Katharine created a business plan whilst working as a producer on the Channel Four series The Great British Property Scandal, and launched Dot Dot Dot in 2010. “There wasn’t any upfront investment needed,” she says. “I kept myself [financially] going with the producer role, and making my money last longer by living frugally.”
The biggest hurdle she faced was securing the first contracts from property owners. “Persuading people to trust you with their valuable assets when you don’t have a long track record was my biggest challenge,” she admits.
How did she win them over? “I think they were excited about the model, and the positive difference [it could make].” This positive difference is Dot Dot Dot’s unique selling point – the company asks all its property guardians to commit to 16 hours volunteering a week, a subject close to Katharine’s heart.
“I personally think a pretty good ambition is to get though life in the most decent way possible.
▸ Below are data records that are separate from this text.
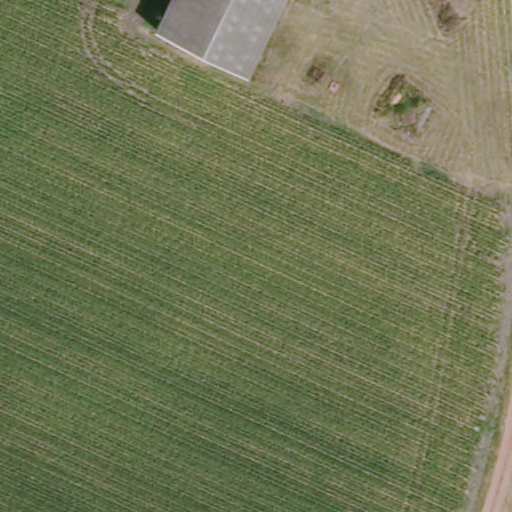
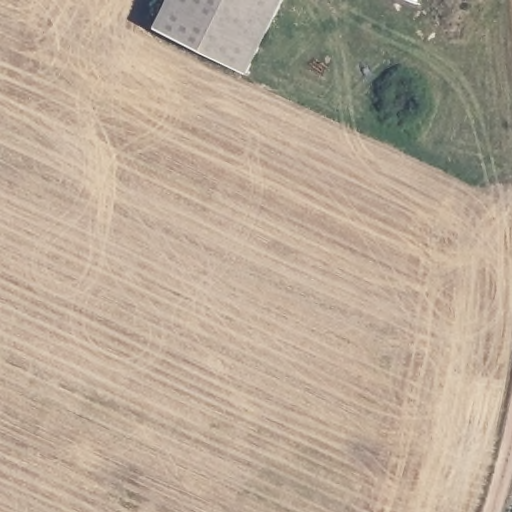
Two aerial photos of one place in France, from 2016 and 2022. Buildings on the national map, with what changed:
unchanged [(159,28),(173,0),(286,0),(248,74),(159,28)]

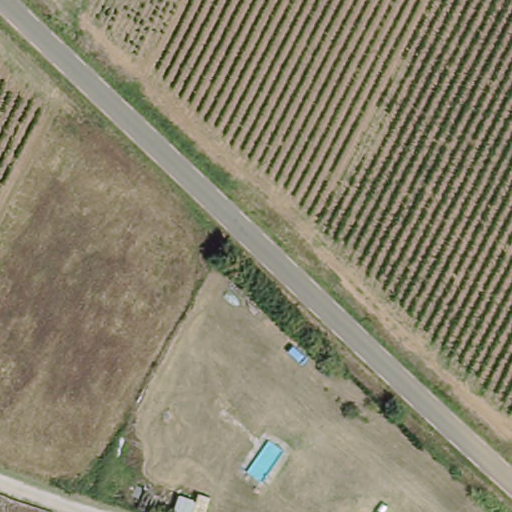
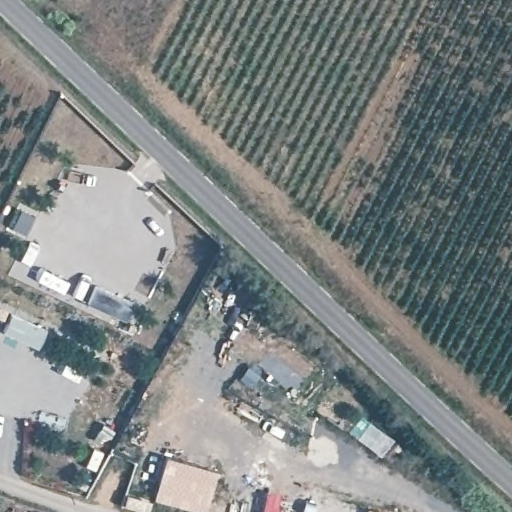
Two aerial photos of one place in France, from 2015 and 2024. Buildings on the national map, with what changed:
new [(217,468),(205,512),(201,512),(154,499),(165,455),(217,468)]

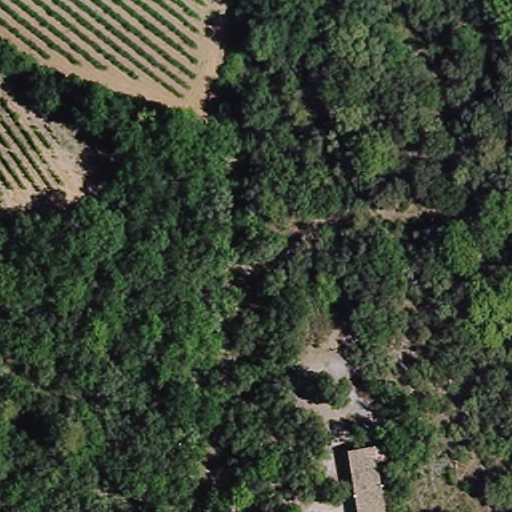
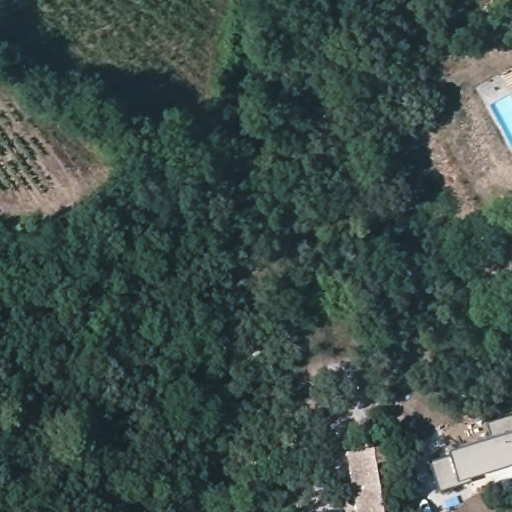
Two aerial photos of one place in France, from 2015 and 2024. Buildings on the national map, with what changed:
new [(489,418),(512,412),(512,461),(471,471),(473,477),(439,486),(430,455),(451,449),(449,443),(453,442),(493,432),(489,418)]
unchanged [(345,451),(371,446),(381,445),(384,459),(374,461),(384,512),(357,512),(345,451)]

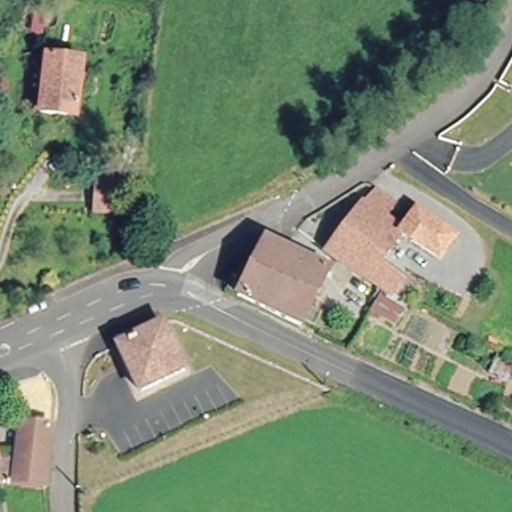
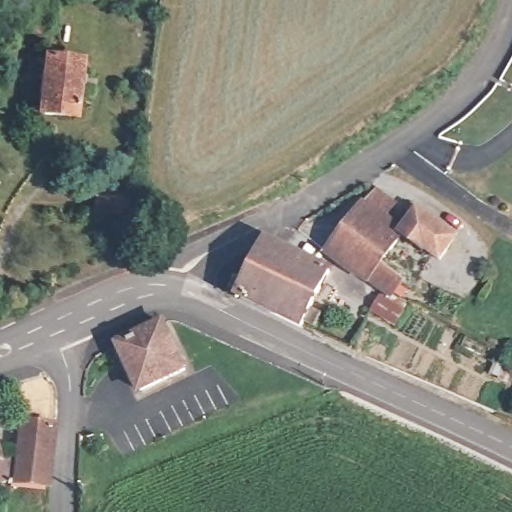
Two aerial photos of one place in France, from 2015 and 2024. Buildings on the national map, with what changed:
unchanged [(73,119),(40,115),(45,60),(79,63),(73,119)]
unchanged [(381,292),(391,277),(396,281),(400,272),(377,257),(342,233),(389,172),(407,185),(398,198),(417,211),(431,192),(471,219),(455,243),(438,232),(423,253),(407,276),(421,283),(409,307),(381,292)]
unchanged [(91,182),(118,181),(119,212),(92,213),(91,182)]
unchanged [(238,301),(263,245),(322,272),(311,301),(296,329),(238,301)]
unchanged [(138,394),(138,393),(120,345),(166,321),(187,372),(138,394)]
unchanged [(49,424),(48,476),(16,473),(18,454),(20,422),(49,424)]
unchanged [(18,454),(16,473),(0,472),(0,453),(18,454)]

And to try to be kind to people, and give time to causes to help others, and volunteering,” says Katharine, who is a trustee for Headway, a London-based brain injury charity.
Her book – Free: Adventures On The Margins Of A Wasteful Society – also gave Katharine a helpful level of exposure. “I had quite good connections, and a high profile from speaking at conferences, and talking to enough people about my vision of how a property guardian could work.”
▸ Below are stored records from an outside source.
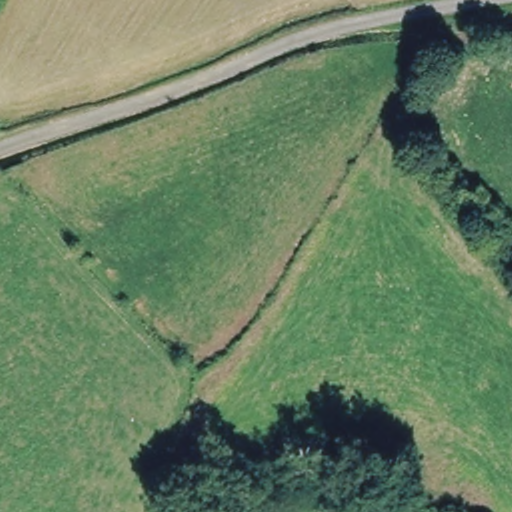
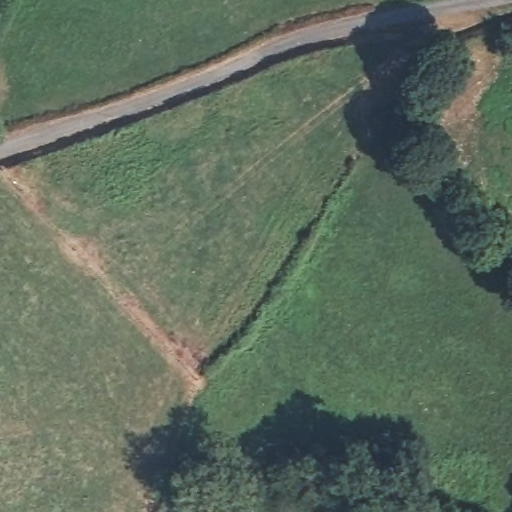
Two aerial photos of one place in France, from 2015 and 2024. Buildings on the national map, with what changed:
[]

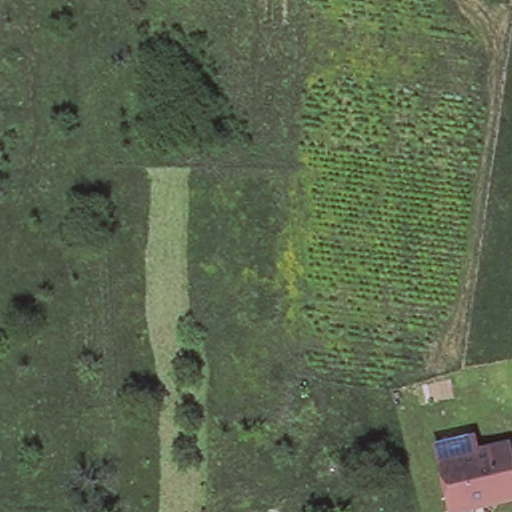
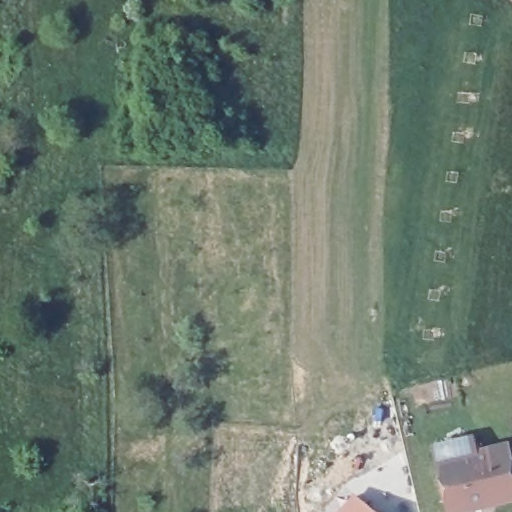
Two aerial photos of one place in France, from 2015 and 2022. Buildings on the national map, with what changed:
unchanged [(455,512),(450,512),(438,460),(452,457),(465,454),(500,446),(507,444),(512,465),(512,499),(499,502),(472,508),(465,509),(455,512)]
new [(355,496),(375,512),(341,512),(355,496)]

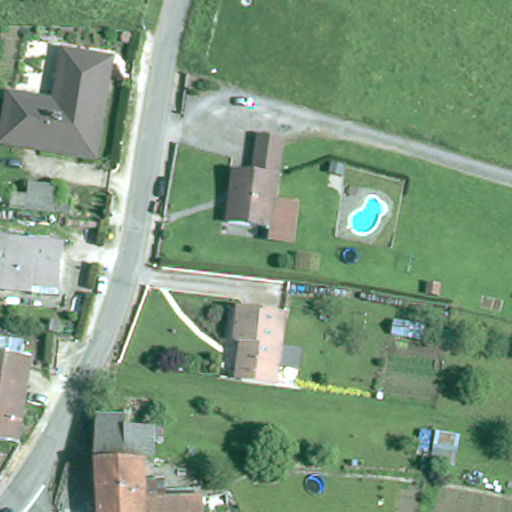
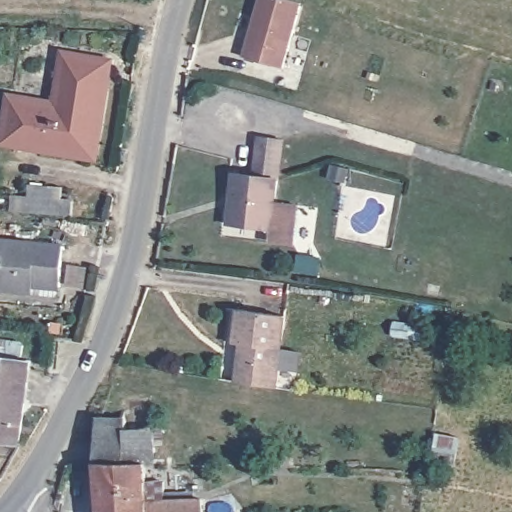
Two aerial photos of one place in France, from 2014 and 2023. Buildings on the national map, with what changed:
new [(283,66),(243,55),(258,0),(293,0),(302,2),(283,66)]
unchanged [(0,142),(0,139),(7,98),(53,105),(61,54),(105,62),(89,157),(0,142)]
unchanged [(288,141),(283,181),(274,180),(253,176),(258,141),(288,141)]
unchanged [(274,182),(271,203),(267,231),(226,225),(233,173),(253,176),(274,180),(274,182)]
unchanged [(61,215),(27,212),(11,211),(13,196),(28,197),(29,184),(63,186),(63,200),(74,201),(73,216),(61,215)]
unchanged [(271,203),(301,206),(298,249),(269,246),(271,232),(267,231),(271,203)]
unchanged [(60,292),(33,290),(33,286),(0,283),(0,235),(64,240),(60,292)]
unchanged [(243,345),(236,344),(240,309),(285,315),(276,386),(241,381),(238,380),(243,345)]
unchanged [(0,356),(32,361),(18,446),(0,444),(0,356)]
unchanged [(96,435),(98,415),(99,414),(124,416),(125,425),(149,425),(149,423),(161,423),(162,439),(153,439),(153,461),(146,461),(146,477),(163,477),(164,495),(201,493),(203,512),(100,512),(96,435)]

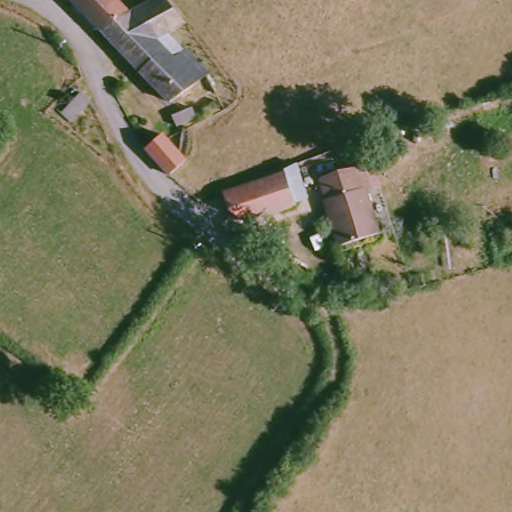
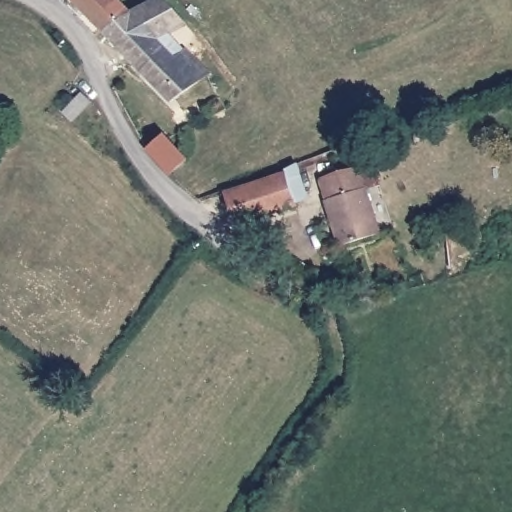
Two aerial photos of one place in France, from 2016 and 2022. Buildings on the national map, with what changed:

The first property that Dot Dot Dot offered was a four-bedroom house in north-west London that was set to be empty for six weeks.
“It was very vulnerable to crime and squatting,” she says. “I agreed to do it, and luckily it was the beginning of summer. A couple of people from university didn’t mind staying somewhere for six weeks, and we made it work.”
Katharine says it is important to always think carefully about who could be accepted to take up the role of a property guardian. “You can’t house the most vulnerable as they have acute problems, and there’s a duty to take care of the building, and that isn’t straightforward if you’re having a difficult time,” she says. “But at the same time you can’t give it to the person who can pay the most. “
Today Dot Dot Dot, which employs about 30 people and is headquartered near Stratford in east London, says it has looked after hundreds of buildings for housing associations, charities, local authorities and private property developers in areas including London, High Wycombe and Cambridge.
The properties are more often unfurnished, and therefore unsuitable for the likes of Airbnb. The guardians sign a contract with Dot Dot Dot.
How Dot Dot Dot makes money varies from building to building, but it usually charges both the property guardian and the owner of the building. If the guardian is required to vacate, he or she is typically given 28 days notice.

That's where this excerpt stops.